### How to complete this task
Give the records below again, word for word. No pictures belong in the copy.

### Data for this exercise
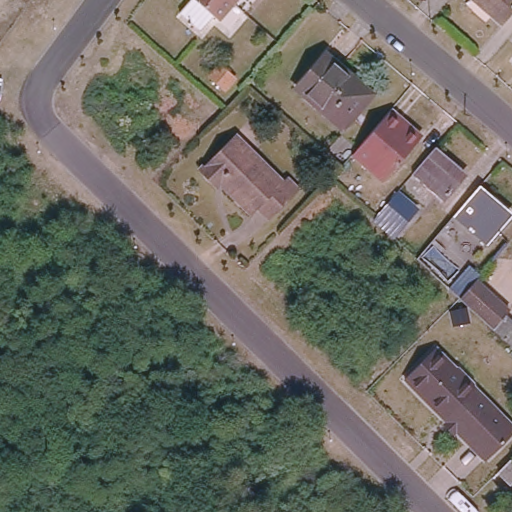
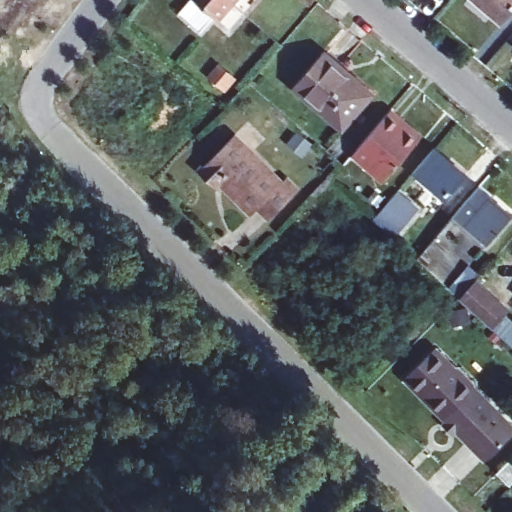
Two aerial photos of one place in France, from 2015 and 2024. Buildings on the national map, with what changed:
unchanged [(200,0),(231,0),(219,15),(200,0)]
unchanged [(502,21),(477,0),(512,0),(512,8),(502,21)]
unchanged [(371,91),(340,125),(296,84),(325,52),(371,91)]
unchanged [(229,67),(242,78),(232,90),(219,78),(229,67)]
unchanged [(412,115),(409,119),(427,136),(391,176),(360,150),(400,103),(412,115)]
unchanged [(285,175),(290,170),(302,183),(273,212),(262,200),(255,206),(225,176),(220,180),(204,164),(237,129),(285,175)]
unchanged [(439,142),(454,155),(450,158),(467,172),(447,195),(417,168),(439,142)]
unchanged [(512,214),(512,216),(487,245),(455,217),(482,186),(512,214)]
unchanged [(382,218),(385,214),(393,206),(405,191),(425,208),(405,231),(401,235),(382,218)]
unchanged [(505,313),(512,320),(512,344),(489,325),(459,297),(449,288),(469,264),(480,273),(470,284),(477,289),(480,285),(505,306),(509,309),(505,313)]
unchanged [(405,378),(437,347),(472,386),(444,415),(405,378)]
unchanged [(467,438),(444,415),(472,386),(512,424),(512,429),(488,453),(485,456),(467,438)]
unchanged [(512,462),(512,481),(502,471),(512,462)]

### Task response
Two aerial photos of one place in France, from 2015 and 2024. Buildings on the national map, with what changed:
unchanged [(200,0),(231,0),(219,15),(200,0)]
unchanged [(502,21),(477,0),(512,0),(512,8),(502,21)]
unchanged [(371,91),(340,125),(296,84),(325,52),(371,91)]
unchanged [(229,67),(242,78),(232,90),(219,78),(229,67)]
unchanged [(412,115),(409,119),(427,136),(391,176),(360,150),(400,103),(412,115)]
unchanged [(285,175),(290,170),(302,183),(273,212),(262,200),(255,206),(225,176),(220,180),(204,164),(237,129),(285,175)]
unchanged [(439,142),(454,155),(450,158),(467,172),(447,195),(417,168),(439,142)]
unchanged [(512,214),(512,216),(487,245),(455,217),(482,186),(512,214)]
unchanged [(382,218),(385,214),(393,206),(405,191),(425,208),(405,231),(401,235),(382,218)]
unchanged [(505,313),(512,320),(512,344),(489,325),(459,297),(449,288),(469,264),(480,273),(470,284),(477,289),(480,285),(505,306),(509,309),(505,313)]
unchanged [(405,378),(437,347),(472,386),(444,415),(405,378)]
unchanged [(467,438),(444,415),(472,386),(512,424),(512,429),(488,453),(485,456),(467,438)]
unchanged [(512,462),(512,481),(502,471),(512,462)]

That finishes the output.